La gabegie bourgeoise se
drape dans l'humanitaire, en accusant les prolétaires d'Europe
d'indifférence criminelle, pour mieux voiler les causes de la
misère, non seulement la guerre, qui n'est qu'une expression de la
compétition économique, mais la marche à l'abîme du monde
capitaliste dans une destructuration de tous les rapports humains.
Avec cette prétendue lutte contre le terrorisme comme dans la
porosité des frontières européennes - au contraire de celles des
Etats Unis, de la Chine et de la Russie - les Etats européens sont
débordés et prétendent « contrôler ». La bourgeoisie
parvient encore à atténuer son impuissance au nom de l'anti-racisme
et d'une ouverture « généreuse » des frontières grâce
à cet antiracisme, philosophie officielle de l'Etat qui génère
d'autant plus tous les racismes et ridiculise l'internationalisme
communiste qui avait des visées « sans patrie ni frontières »,
quoique pas dans un monde en guerre et en vases communiquant de
populations de toute façon considérées « en trop »,
même si Merkel prétend rajeunir les exploités en Allemagne et
maîtriser le débordement des réfugiés.
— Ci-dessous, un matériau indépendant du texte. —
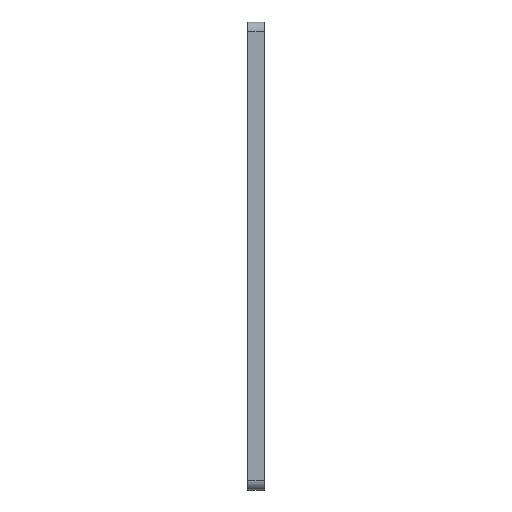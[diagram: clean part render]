
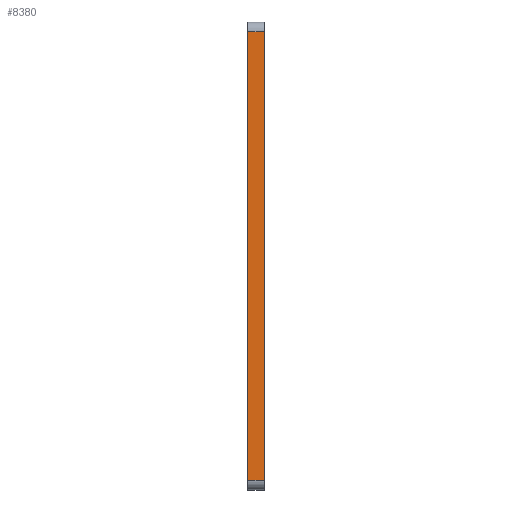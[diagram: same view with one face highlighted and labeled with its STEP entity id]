
A CAD part, left-side view. The second image highlights one B-rep face of the part: STEP entity #8380.
In plain terms, the highlighted planar face has unit normal (-1, 0, 0).
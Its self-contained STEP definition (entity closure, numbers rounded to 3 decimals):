
#102 = ORIENTED_EDGE ( 'NONE', *, *, #1499, .T. ) ;
#566 = VECTOR ( 'NONE', #6306, 1000. ) ;
#633 = LINE ( 'NONE', #5830, #5667 ) ;
#659 = CARTESIAN_POINT ( 'NONE',  ( -168., 10., -137.5 ) ) ;
#970 = DIRECTION ( 'NONE',  ( 0., 0., 1. ) ) ;
#1497 = EDGE_CURVE ( 'NONE', #6269, #2229, #8237, .T. ) ;
#1499 = EDGE_CURVE ( 'NONE', #5263, #4031, #8276, .T. ) ;
#1579 = CARTESIAN_POINT ( 'NONE',  ( -168., 10., 137.5 ) ) ;
#1653 = CARTESIAN_POINT ( 'NONE',  ( -168., 10., -137.5 ) ) ;
#1659 = PLANE ( 'NONE',  #6020 ) ;
#2214 = CARTESIAN_POINT ( 'NONE',  ( -168., 10., -137.5 ) ) ;
#2229 = VERTEX_POINT ( 'NONE', #1579 ) ;
#2483 = EDGE_CURVE ( 'NONE', #2229, #4031, #633, .T. ) ;
#2979 = CARTESIAN_POINT ( 'NONE',  ( -168., 0., -137.5 ) ) ;
#3035 = CARTESIAN_POINT ( 'NONE',  ( -168., 0., -137.5 ) ) ;
#3301 = VECTOR ( 'NONE', #970, 1000. ) ;
#3551 = DIRECTION ( 'NONE',  ( 1., 0., 0. ) ) ;
#3717 = CARTESIAN_POINT ( 'NONE',  ( -168., 0., 137.5 ) ) ;
#3926 = ORIENTED_EDGE ( 'NONE', *, *, #2483, .F. ) ;
#4031 = VERTEX_POINT ( 'NONE', #3717 ) ;
#4362 = CARTESIAN_POINT ( 'NONE',  ( -168., 10., -137.5 ) ) ;
#4842 = FACE_OUTER_BOUND ( 'NONE', #6450, .T. ) ;
#4885 = DIRECTION ( 'NONE',  ( 0., 0., -1. ) ) ;
#4964 = LINE ( 'NONE', #1653, #7515 ) ;
#5263 = VERTEX_POINT ( 'NONE', #3035 ) ;
#5428 = ORIENTED_EDGE ( 'NONE', *, *, #7322, .T. ) ;
#5667 = VECTOR ( 'NONE', #8414, 1000. ) ;
#5830 = CARTESIAN_POINT ( 'NONE',  ( -168., 10., 137.5 ) ) ;
#6020 = AXIS2_PLACEMENT_3D ( 'NONE', #2214, #3551, #4885 ) ;
#6269 = VERTEX_POINT ( 'NONE', #659 ) ;
#6306 = DIRECTION ( 'NONE',  ( 0., 0., 1. ) ) ;
#6450 = EDGE_LOOP ( 'NONE', ( #102, #3926, #7598, #5428 ) ) ;
#6899 = DIRECTION ( 'NONE',  ( 0., -1., 0. ) ) ;
#7322 = EDGE_CURVE ( 'NONE', #6269, #5263, #4964, .T. ) ;
#7515 = VECTOR ( 'NONE', #6899, 1000. ) ;
#7598 = ORIENTED_EDGE ( 'NONE', *, *, #1497, .F. ) ;
#8237 = LINE ( 'NONE', #4362, #566 ) ;
#8276 = LINE ( 'NONE', #2979, #3301 ) ;
#8380 = ADVANCED_FACE ( 'NONE', ( #4842 ), #1659, .F. ) ;
#8414 = DIRECTION ( 'NONE',  ( 0., -1., 0. ) ) ;

La vérité de la crise
capitaliste ne sera pas une intégration des millions de réfugiés
au travail – déjà rareté sociologique – mais la généralisation
de camps de la misère comme en France, en attendant le big clash.
HELLO
GRIGNY
Revenons à l'analyse
sociologique au ras des pâquerettes de la banlieue apache, qui
permet de dissoudre les responsabilités politiques de l'Etat
bourgeois dans sa faconde de médecin urgentiste, dont P.Pelloux, le
survivor de la bande à Charlie, a été l'illustration
pleurnicharde.
Saïd l'aîné cherche
déjà un « réconfort » dans le religion quand le
benjamin Chérif est un bambaucheur de première. Simultanément, le
cinéma de la chaîne de gauche gouvernementale permet le suspense,
Coulibaly se fait les crocs à la célèbre Grande Borne de Grigny,
où quelques années auparavant un architecte taré a inventé des
cages à cailleras. La Grande Borne est légendaire : échec
scolaire garanti, piège social assuré pour cinquante nationalités.
Le commentateur est ici aussi sidérant de multiculturalité
productrice de ghetto religieux ; il déplore : « les
parents tentaient d'inculquer les valeurs musulmanes 7» !
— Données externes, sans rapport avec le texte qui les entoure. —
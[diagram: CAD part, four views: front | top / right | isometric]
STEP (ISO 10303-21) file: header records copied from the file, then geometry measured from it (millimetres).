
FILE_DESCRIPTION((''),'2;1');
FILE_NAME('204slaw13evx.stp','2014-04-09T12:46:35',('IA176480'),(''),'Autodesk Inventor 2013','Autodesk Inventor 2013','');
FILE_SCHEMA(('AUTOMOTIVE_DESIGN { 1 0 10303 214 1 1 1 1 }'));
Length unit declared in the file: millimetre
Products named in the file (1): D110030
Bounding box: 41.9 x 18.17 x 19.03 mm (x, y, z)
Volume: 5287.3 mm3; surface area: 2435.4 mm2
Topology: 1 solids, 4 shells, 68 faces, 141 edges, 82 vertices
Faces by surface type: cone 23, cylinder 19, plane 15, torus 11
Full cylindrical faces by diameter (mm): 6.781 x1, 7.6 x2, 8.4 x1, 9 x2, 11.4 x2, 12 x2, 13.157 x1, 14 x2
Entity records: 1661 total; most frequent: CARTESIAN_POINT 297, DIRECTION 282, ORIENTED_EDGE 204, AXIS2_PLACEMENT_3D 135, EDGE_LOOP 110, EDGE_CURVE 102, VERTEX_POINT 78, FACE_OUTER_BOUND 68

Les pauvres, quoique Saïd en ait retenu quelque chose même sans
parents. Plus saisissant on apprend que le père de Coulibaly a
« fait le regroupement familial » (sic)... avec ses dix
enfants ! Pas mal, surtout en milieu ouvrier ou, chez les
parents évolués, on a compris depuis 1945 qu'une progéniture
nombreuse était la meilleure source d'échec scolaire et social,
puis de tremplin vers la marginalisation!
Tout s'accélère pour
l'ado Coulibaly qui est « pris dans l'engrenage »,
comprenez : travailler c'est trop dur, cambrioler c'est plus
excitant. Mais dérapage, cerné par les flics lui et son pote de
l'époque, collègue de la cambriole, sont coincés. Le pote est tué.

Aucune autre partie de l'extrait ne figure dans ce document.